With no income and no credit history, I can’t get fifteen hundred dollars on a credit card without my dad cosigning on the application. I tried.
“Caroline?” West asks.
“What?”
He steps closer. “What’s this really about?”
And I blurt out the stupidest thing. “You don’t have to protect me.”
Because I’m sick of it. Of being protected. Of needing to be.
“I’m not.”
His eyes, though. When I meet his eyes, they’re blazing with the truth.
He is. He wants to.
“You know what the worst thing is?” I ask. “It’s knowing I was always stupid and sheltered and just … just useless. Everyone telling me I’m smart, like that’s so great and important. Going to a good college—oh, Caroline, how fantastic. But one bad thing happens to me, and I can’t even …”

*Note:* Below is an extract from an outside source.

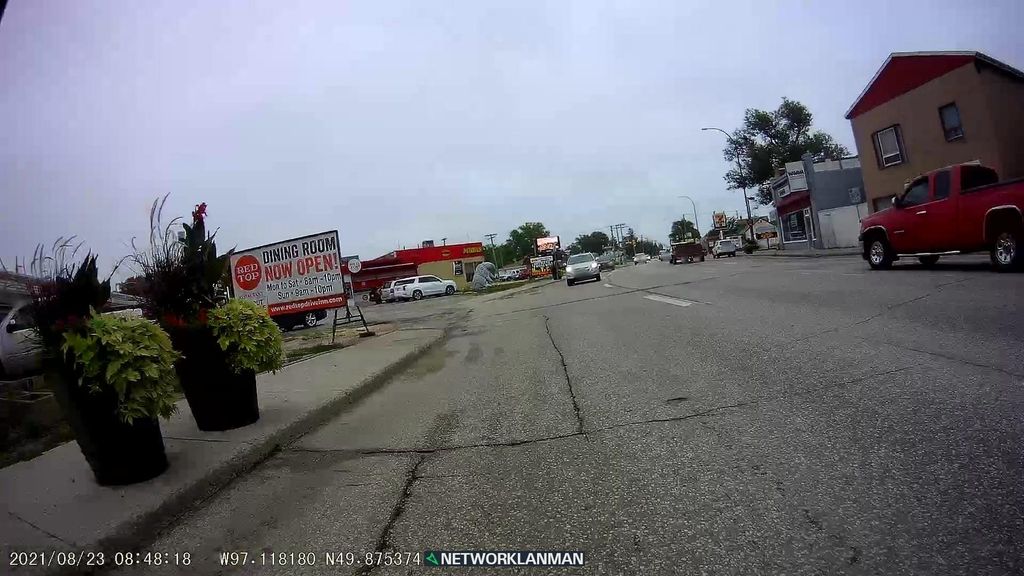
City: winnipeg

I trail off, because I think I’m going to cry, and I’m too angry to give in to it.
West takes another step closer, and then he’s rubbing my arm. The flat of his palm lands against the back of my neck, over my hair, and he’s tipping me forward until my forehead rests against his chest.
“You’re not useless.”
“No, seriously, I can’t—I need you to hear this, okay? Because the thing is—”
“Caroline, shut up.”
The way he says it, though—it’s definitely the nicest anyone’s ever shut me up. And his rubbing hand comes around my back and presses me into him, and that’s nice, too. I can feel him breathing. I can smell his skin, feel my hair catching on the stubble underneath his chin.